→ What this task involves:
Print nothing except the lines of the listing below from the line with "to the east, in" to the line with "longitude: 15.4468", each exactly as written, both ends included.

→ Data for review:
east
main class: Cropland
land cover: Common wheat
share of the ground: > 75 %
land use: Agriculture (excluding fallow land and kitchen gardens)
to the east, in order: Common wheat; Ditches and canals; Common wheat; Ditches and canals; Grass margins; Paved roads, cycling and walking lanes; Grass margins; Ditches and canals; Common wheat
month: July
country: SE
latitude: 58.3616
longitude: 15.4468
* * *
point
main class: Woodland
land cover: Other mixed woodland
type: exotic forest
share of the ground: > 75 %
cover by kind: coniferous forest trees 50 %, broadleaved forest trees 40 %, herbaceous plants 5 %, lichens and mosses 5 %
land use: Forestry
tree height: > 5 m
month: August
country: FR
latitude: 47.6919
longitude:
---
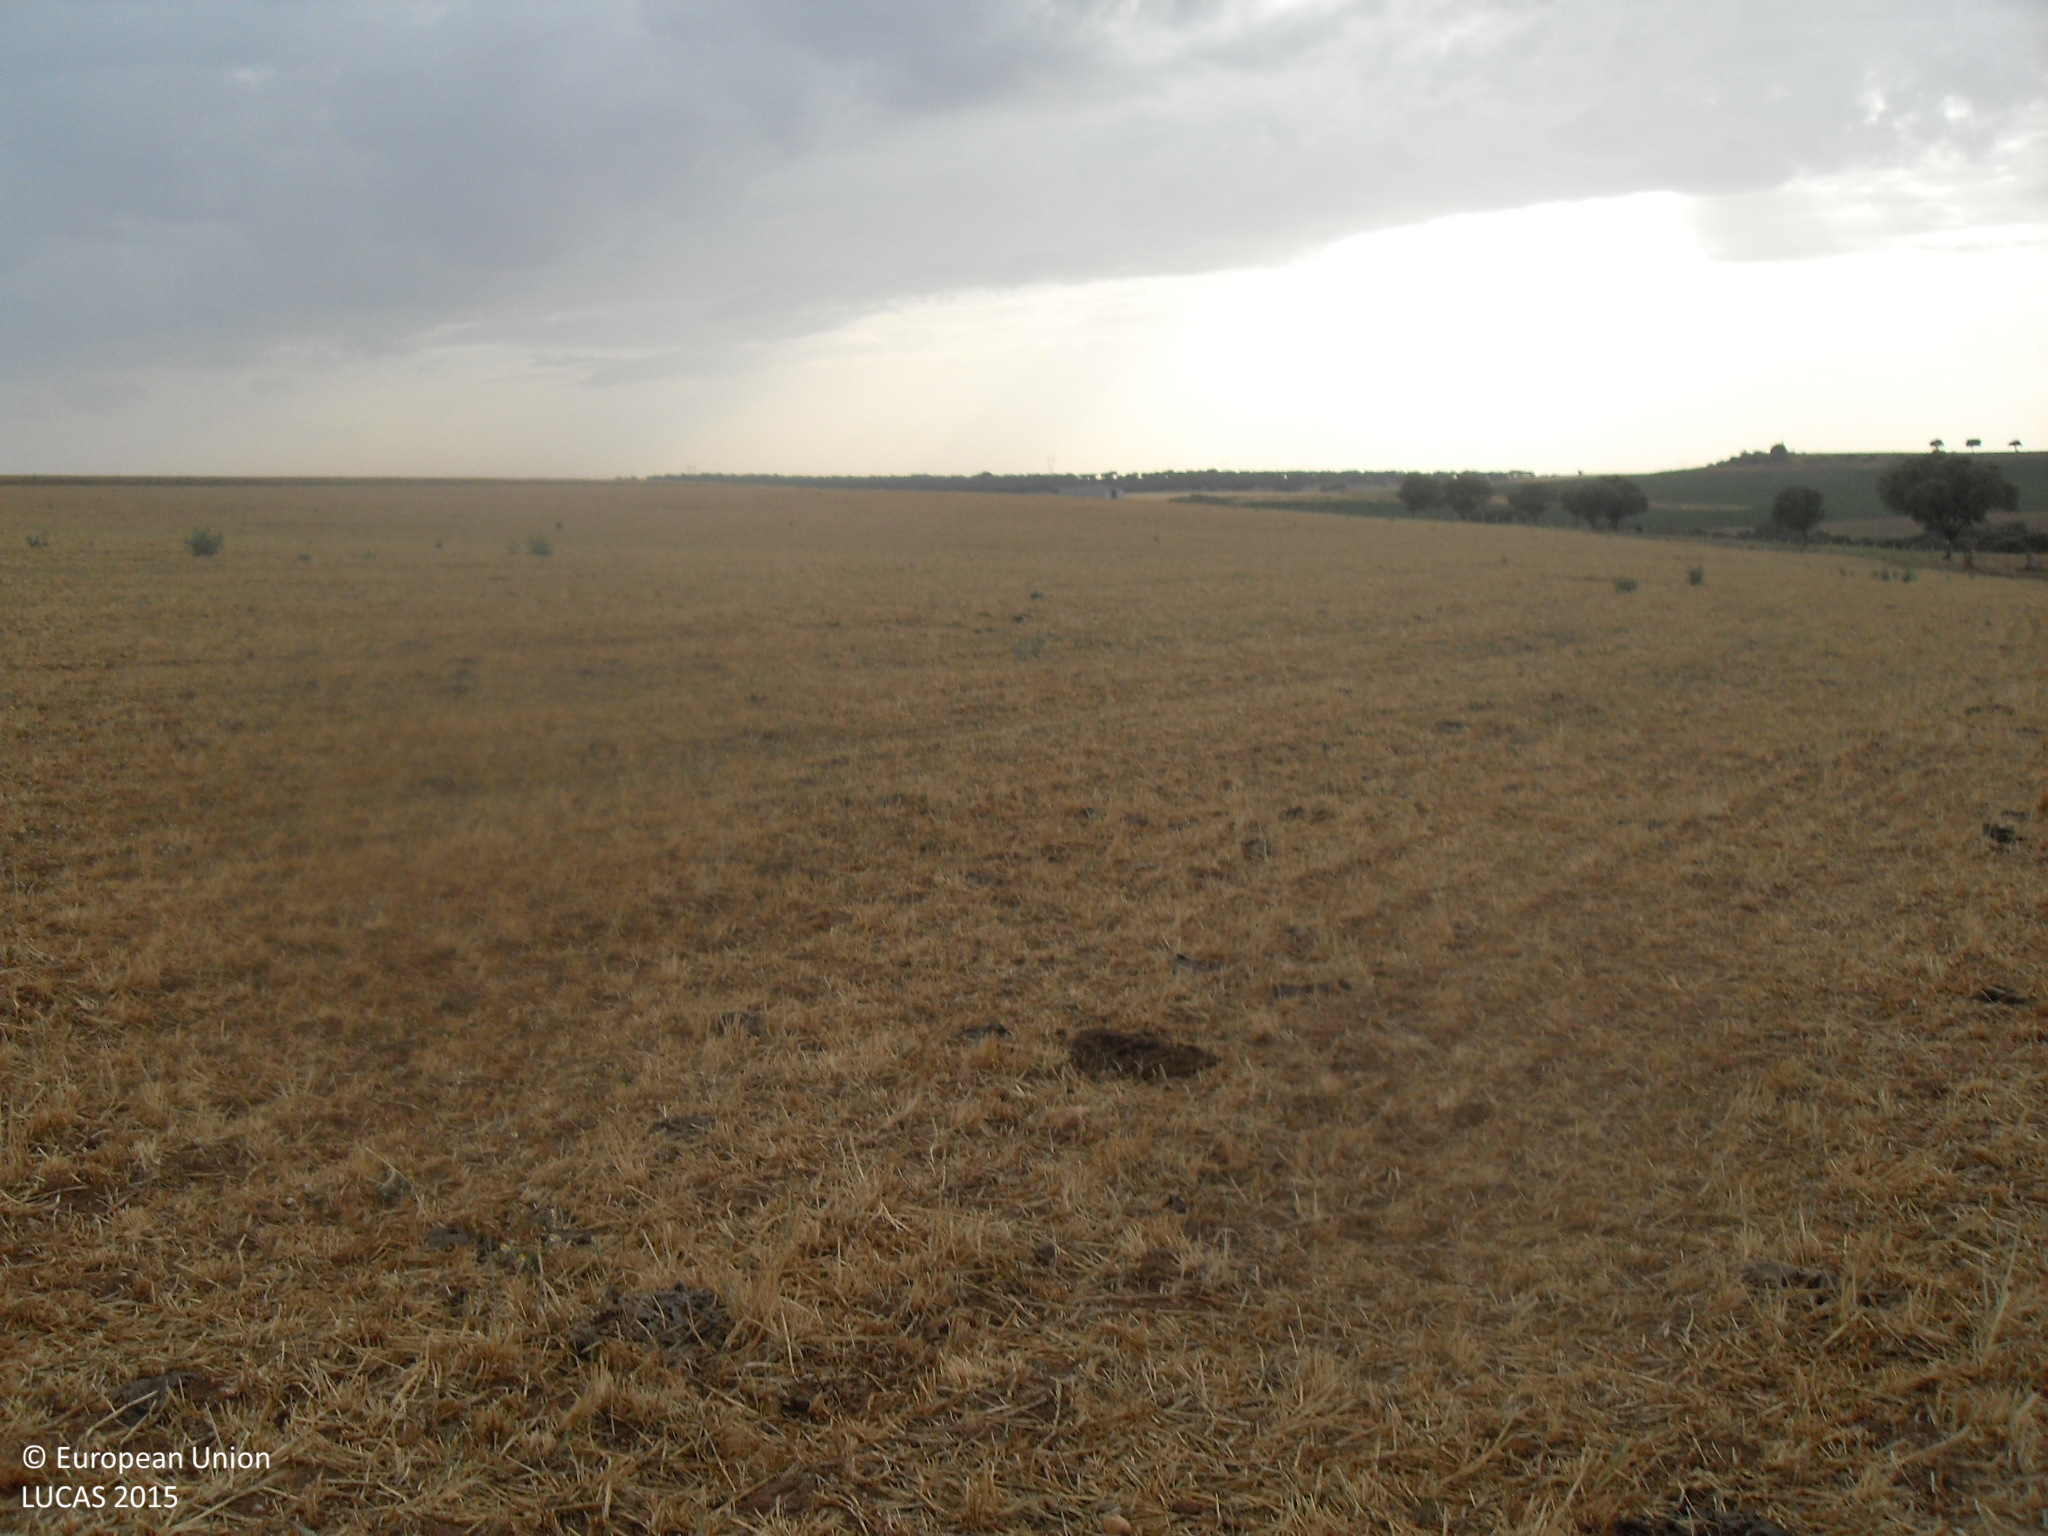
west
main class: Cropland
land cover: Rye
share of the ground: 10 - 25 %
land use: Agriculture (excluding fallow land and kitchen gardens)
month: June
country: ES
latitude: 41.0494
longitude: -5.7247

→ Solved problem:
to the east, in order: Common wheat; Ditches and canals; Common wheat; Ditches and canals; Grass margins; Paved roads, cycling and walking lanes; Grass margins; Ditches and canals; Common wheat
month: July
country: SE
latitude: 58.3616
longitude: 15.4468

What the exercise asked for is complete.